§ **Your instructions**
Take every line from the data that has the word "points" in it.

----- Excerpted data -----

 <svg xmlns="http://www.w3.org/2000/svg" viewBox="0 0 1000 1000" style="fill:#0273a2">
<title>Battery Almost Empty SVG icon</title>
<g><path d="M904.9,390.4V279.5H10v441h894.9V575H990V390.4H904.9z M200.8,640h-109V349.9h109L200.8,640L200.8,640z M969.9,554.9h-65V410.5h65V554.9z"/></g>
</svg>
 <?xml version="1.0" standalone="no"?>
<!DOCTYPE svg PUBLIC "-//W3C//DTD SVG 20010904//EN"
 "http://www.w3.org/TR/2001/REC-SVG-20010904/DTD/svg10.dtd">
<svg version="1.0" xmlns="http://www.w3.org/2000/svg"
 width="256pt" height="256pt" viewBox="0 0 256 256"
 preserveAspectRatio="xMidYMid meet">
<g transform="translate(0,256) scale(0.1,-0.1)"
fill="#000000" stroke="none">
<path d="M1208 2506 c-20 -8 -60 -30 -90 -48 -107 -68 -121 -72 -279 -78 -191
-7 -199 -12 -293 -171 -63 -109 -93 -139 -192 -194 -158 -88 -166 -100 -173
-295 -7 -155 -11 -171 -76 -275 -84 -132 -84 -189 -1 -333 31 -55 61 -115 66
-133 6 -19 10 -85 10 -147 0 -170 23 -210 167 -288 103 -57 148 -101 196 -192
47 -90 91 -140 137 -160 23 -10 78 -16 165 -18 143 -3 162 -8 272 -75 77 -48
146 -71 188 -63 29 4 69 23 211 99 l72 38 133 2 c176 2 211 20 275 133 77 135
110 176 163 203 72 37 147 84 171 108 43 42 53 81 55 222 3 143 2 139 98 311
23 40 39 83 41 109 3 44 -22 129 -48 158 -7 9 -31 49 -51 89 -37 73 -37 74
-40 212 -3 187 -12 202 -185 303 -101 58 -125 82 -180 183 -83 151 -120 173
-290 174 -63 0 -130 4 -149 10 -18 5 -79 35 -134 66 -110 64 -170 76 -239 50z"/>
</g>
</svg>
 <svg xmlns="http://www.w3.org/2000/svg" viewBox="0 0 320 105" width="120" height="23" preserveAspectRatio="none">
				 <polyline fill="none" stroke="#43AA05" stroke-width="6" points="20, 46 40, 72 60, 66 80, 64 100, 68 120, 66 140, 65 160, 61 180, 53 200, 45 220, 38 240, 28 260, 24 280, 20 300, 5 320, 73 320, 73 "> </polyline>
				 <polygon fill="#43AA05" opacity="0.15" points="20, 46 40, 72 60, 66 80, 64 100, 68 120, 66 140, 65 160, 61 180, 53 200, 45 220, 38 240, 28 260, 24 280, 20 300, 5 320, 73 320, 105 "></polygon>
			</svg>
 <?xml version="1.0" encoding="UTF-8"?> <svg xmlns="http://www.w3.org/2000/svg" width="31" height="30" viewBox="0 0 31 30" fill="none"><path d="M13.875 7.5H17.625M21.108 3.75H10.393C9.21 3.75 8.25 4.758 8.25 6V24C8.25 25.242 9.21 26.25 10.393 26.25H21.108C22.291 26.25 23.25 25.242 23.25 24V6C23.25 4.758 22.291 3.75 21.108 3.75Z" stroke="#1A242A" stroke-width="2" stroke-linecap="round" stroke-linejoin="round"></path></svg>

-----

§ **Expected output**
				 <polyline fill="none" stroke="#43AA05" stroke-width="6" points="20, 46 40, 72 60, 66 80, 64 100, 68 120, 66 140, 65 160, 61 180, 53 200, 45 220, 38 240, 28 260, 24 280, 20 300, 5 320, 73 320, 73 "> </polyline>
				 <polygon fill="#43AA05" opacity="0.15" points="20, 46 40, 72 60, 66 80, 64 100, 68 120, 66 140, 65 160, 61 180, 53 200, 45 220, 38 240, 28 260, 24 280, 20 300, 5 320, 73 320, 105 "></polygon>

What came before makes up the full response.